Labirinti per le scorie nucleari

Sue Landau 

La Francia ha migliaia di metri cubi di scorie radioattive per le quali cerca un metodo di stoccaggio permanente, un compito improbo che richiede anni di sperimentazione



Raggiungibile solo per stradine che attraversano pittoreschi villaggi, in un luogo così lontano da tutto che sino a dieci anni fa, quando cominciarono i lavori, il vicino villaggio di Bure, in Lorena, non era neppure connesso alla rete elettrica, a cinquecento metri di profondità sotto campi di colza e di grano, sta sorgendo un laboratorio dell’Andra, l’agenzia nazionale per la gestione delle scorie radioattive, per la ricerca di una soluzione definitiva al problema delle scorie [in francese “déchets”, da cui l’acronimo].
Il laboratorio, insieme ad altri in Finlandia e Svezia, rientra in un piano europeo, che dovrà essere approvato dal Parlamento in giugno, per la ricerca di depositi sicuri per il combustibile nucleare esaurito. 
La Francia, che possiede il secondo parco nucleare al mondo (dopo gli Stati Uniti) processa il combustibile esaurito, estraendone plutonio e uranio impoverito [entrambi, come è noto, di uso militare], e il residuo, un cocktail di elementi radioattivi alcuni dei quali attivi per centinaia di migliaia di anni, viene chiuso ermeticamente e immagazzinato in depositi temporanei per 50 o 100 anni. Ad oggi la Francia ha prodotto circa 90.000 metri cubi di combustibile spento, divenuti, dopo il processamento, 15.000 m³ di scorie. E’ per queste scorie che il laboratorio di Bure sta cercando una modalità di stoccaggio permanente.
Il compito è tutt’altro che facile, e la sperimentazione richiede anni: mentre gli operai scavano gallerie su gallerie nelle viscere della terra gli scienziati stanno sperimentando l’effetto del calore sulle rocce circostanti, la resistenza dei metalli usati per i contenitori alla corrosione; anche un effetto minimo, continuato per migliaia e migliaia di anni, è pericoloso. Il laboratorio e le gallerie sono scavati in uno strato di roccia sedimentaria del periodo giurassico, scelta per il suo bassissimo contenuto d’acqua, solo il 15%. “L’acqua, spiega il direttore del laboratorio, è il nemico. L’acqua si muove e potrebbe contaminare le acque di superficie. Ma un 15% di acqua è praticamente zero”. Un’altra importante caratteristica del materiale roccioso è che è estremamente compatto e quasi privo di fissurazioni attraverso le quali alcune radiazioni potrebbero raggiungere la superficie.

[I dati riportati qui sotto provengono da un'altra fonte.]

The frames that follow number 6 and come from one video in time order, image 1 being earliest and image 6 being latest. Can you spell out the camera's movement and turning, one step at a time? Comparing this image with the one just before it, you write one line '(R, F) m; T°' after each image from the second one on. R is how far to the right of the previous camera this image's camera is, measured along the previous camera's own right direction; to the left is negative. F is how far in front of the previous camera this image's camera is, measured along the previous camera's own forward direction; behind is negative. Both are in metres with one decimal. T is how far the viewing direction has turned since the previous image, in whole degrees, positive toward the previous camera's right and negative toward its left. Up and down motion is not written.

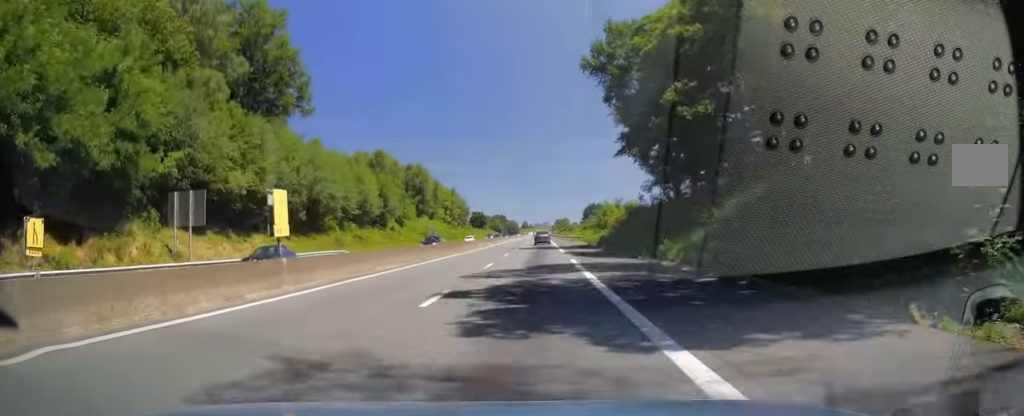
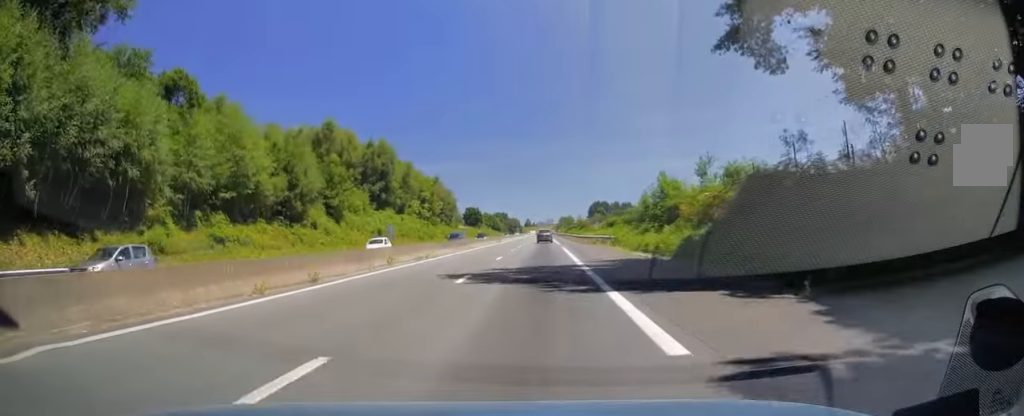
(-0.1, +34.4) m; 0°
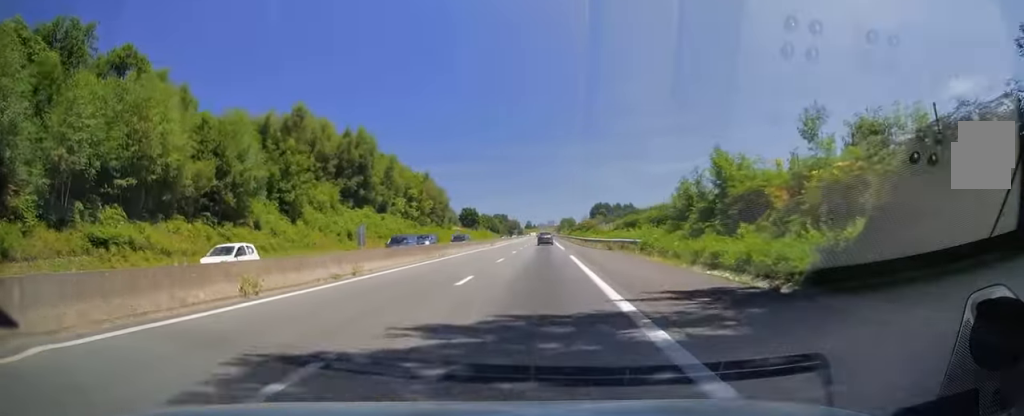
(0.0, +13.1) m; 0°
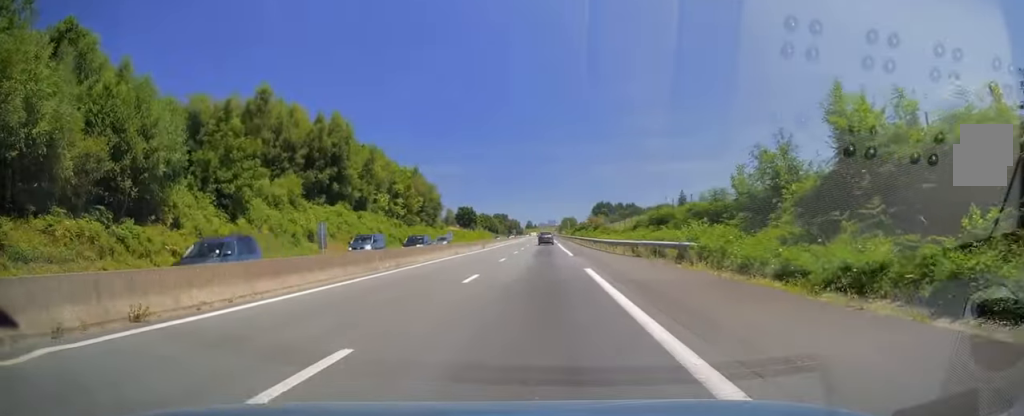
(0.0, +12.1) m; 0°
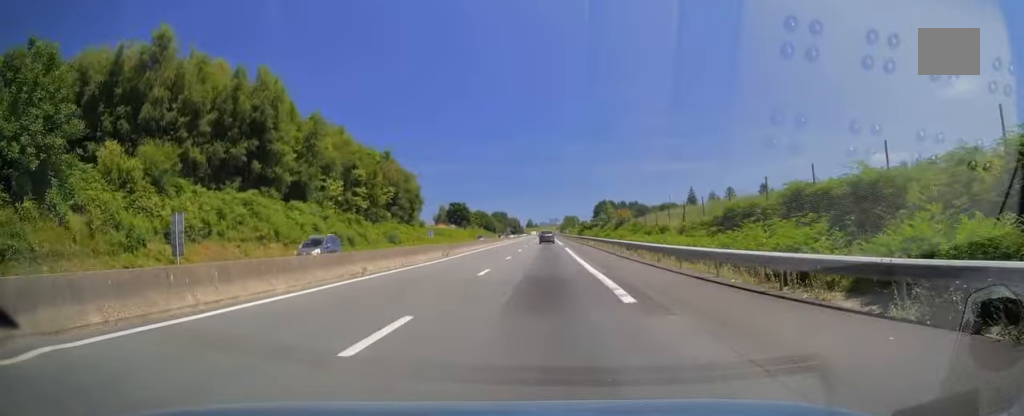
(0.0, +23.3) m; 0°
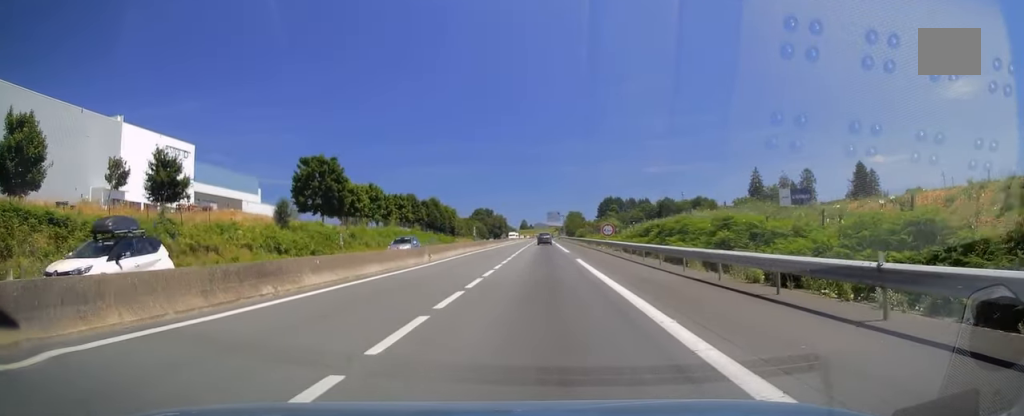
(0.0, +123.8) m; 0°

Nel sito, una volta entrato in funzione attorno al 2025, le scorie radioattive, già “raffreddate” per 40 o 50 anni, verrebbero sigillate in contenitori metallici, murati con una speciale argilla che trattiene l’acqua ed è ricca di ioni negativi, in grado cioè di intrappolare eventuali particelle radioattive sfuggite all’involucro, in generale positive, e inseriti in fori allineati lungo le gallerie. La radioattività verrebbe monitorata per almeno cento anni, e successivamente i singoli cunicoli e le gallerie verrebbero chiusi. Si prevede che i contenitori metallici possano disintegrarsi entro quattromila anni, ma la roccia dovrebbe garantire la piena sicurezza per almeno altri centomila anni (un tempo più lungo dalla prima apparizione sulla terra dell’Homo sapiens), quando la radioattività residua non costituirà più nessun pericolo.

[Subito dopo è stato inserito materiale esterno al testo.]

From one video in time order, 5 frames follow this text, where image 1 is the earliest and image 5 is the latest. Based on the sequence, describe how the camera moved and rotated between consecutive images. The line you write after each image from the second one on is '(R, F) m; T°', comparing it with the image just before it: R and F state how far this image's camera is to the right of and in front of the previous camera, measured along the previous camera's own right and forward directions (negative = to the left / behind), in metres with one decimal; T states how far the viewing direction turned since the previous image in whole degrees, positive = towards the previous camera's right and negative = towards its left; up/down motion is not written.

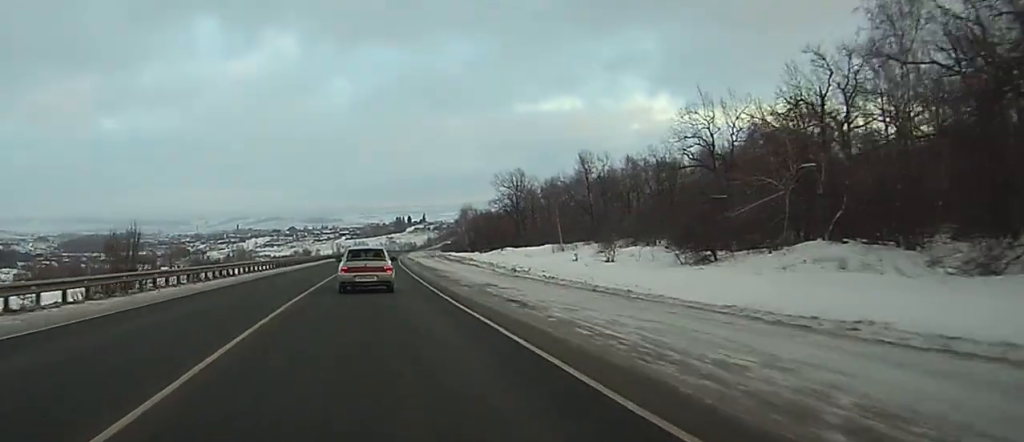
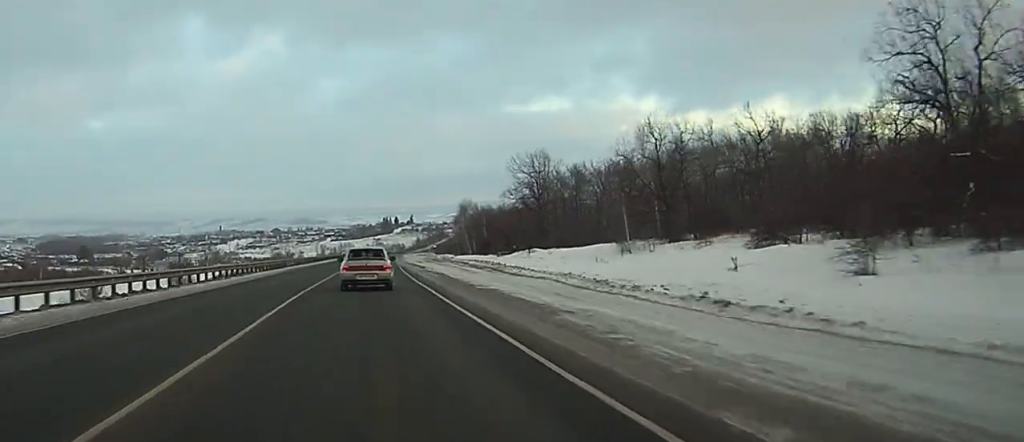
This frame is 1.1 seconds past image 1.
(0.0, +33.2) m; 0°
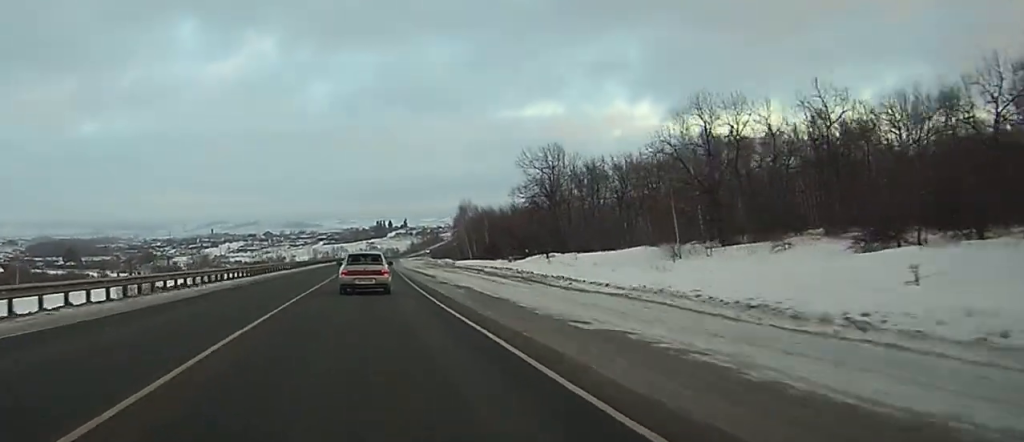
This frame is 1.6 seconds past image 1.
(0.0, +14.1) m; 0°
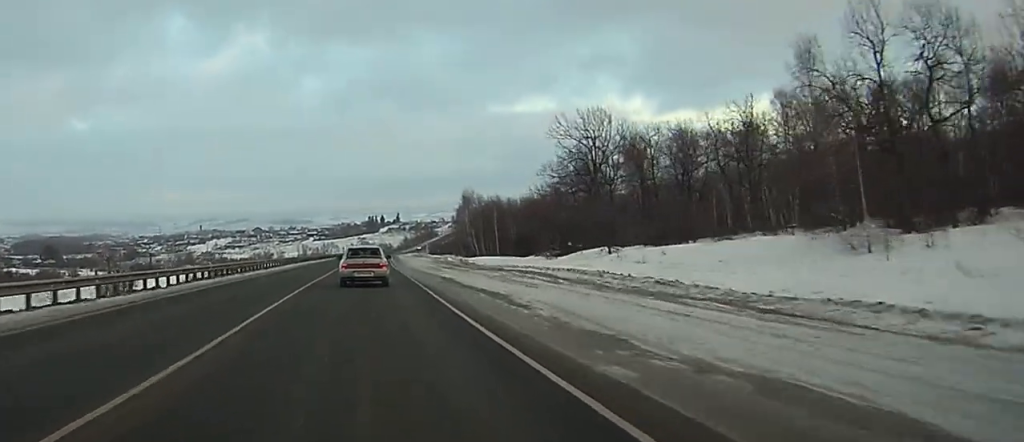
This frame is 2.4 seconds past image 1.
(-0.3, +26.4) m; +1°
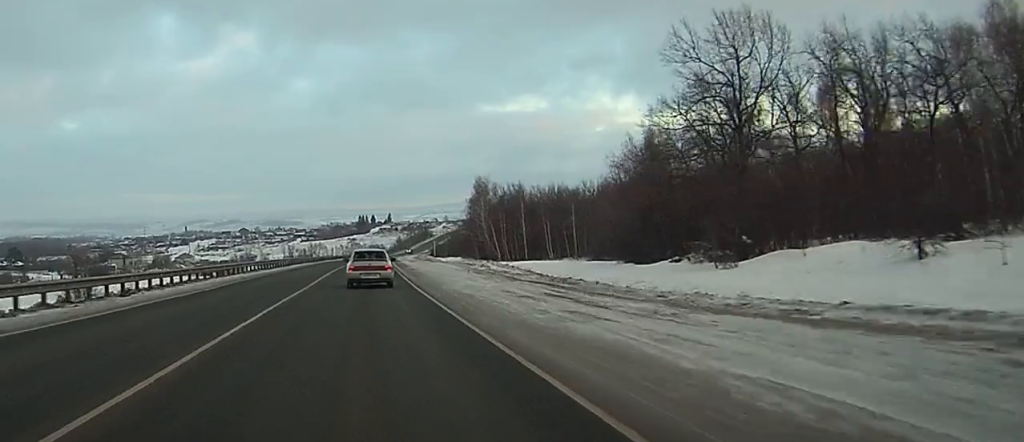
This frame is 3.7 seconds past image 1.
(+0.9, +39.7) m; +2°

Naturalmente non mancano gli scettici: per quanto approfonditi siano gli studi e accurate le sperimentazioni, sostengono gli esperti di Greenpeace, nessuno può escludere un evento straordinario, e nessuno può affermare di conoscere veramente le molteplici interazioni chimiche che possono verificarsi nel corso dei secoli.